The judgment contemplated entry of a “qualified domestic relations order” under the Retirement Equity Act of 1984 in order to provide for direct payment of retirement benefits to each spouse. An order was entered which provided that the retirement benefits would be divided equally between the parties but that “a deduction for the [party’s] health insurance premium shall be made prior to the division and payment of each [party’s] 50% interest.”

The order was accepted by the federal office of personnel management as a qualified order. Subsequently, the retirement system found the qualified order “too vague” to permit the deduction of the insurance premiums for the former Mrs. Havins from the annuity payable to Mr. Havins. It therefore *417 concluded that, unless the order was modified, such payments could only be deducted from the portion of the annuity payable to her.

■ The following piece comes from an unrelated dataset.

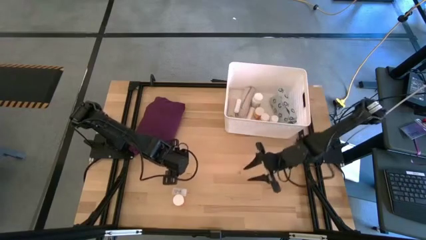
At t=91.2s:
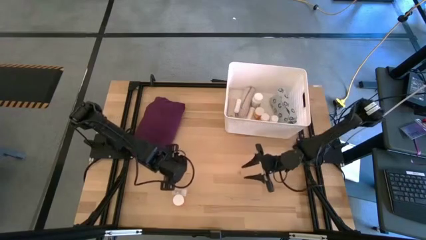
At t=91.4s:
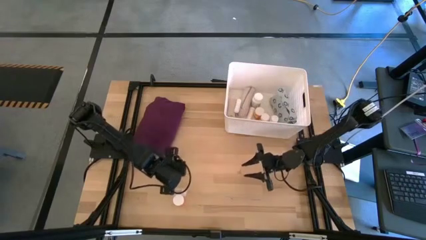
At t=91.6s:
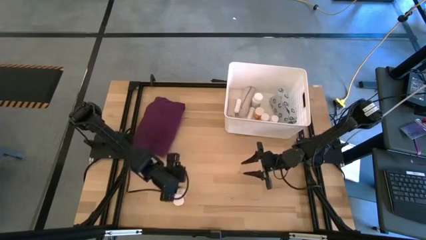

The former Mrs. Havins was notified that she could enroll in the health benefits program, but that the premiums for her enrollment “will be withheld from your court ordered division of Mr. Havins’s retirement benefits. We are only permitted to withhold the cost of your monthly premiums from his retirement benefits when the court order specifically dictates ‘the cost of your monthly health benefits premiums are to be withheld from Mr. Havins’[s] future civil service retirement benefits.’ ”

The former Mrs. Havins enrolled in a Blue Cross/Blue Shield plan with a monthly premium of $146.64. The monthly premium, which represented both the enrollee share and the government share of the cost of coverage, was deducted from her apportionment payment, effective March 1, 1990.

On April 23, 1993, the former Mrs. Havins filed a request to modify the judgment of dissolution. She asked that the court order that all health insurance premiums be paid out of the gross amount of the retirement benefits, and that Mr. Havins be ordered to pay her $4,076.48, representing the amount which “he has caused to be withheld from me over the years since the entry of the Judgment.”

After hearing, the trial court issued a ruling on October 19, 1994. It found that the judgment was not susceptible of any interpretation other than the interpretation suggested by the former Mrs. Havins: “all charges or deductions, including those for her health insurance premiums, be made from the total gross benefits and the balance thereafter divided equally.” Nevertheless, the trial court found that “it would appear inequitable to require [Mr. Havins] to assume the added burden of picking up a portion of the added cost of [the former Mrs. Havins’s] health premiums."

The court asked for further briefing and argument on the issue of whether the fact that the government subsidized Mr. Havins’s health benefits was a community property benefit in which the former Mrs. Havins should share.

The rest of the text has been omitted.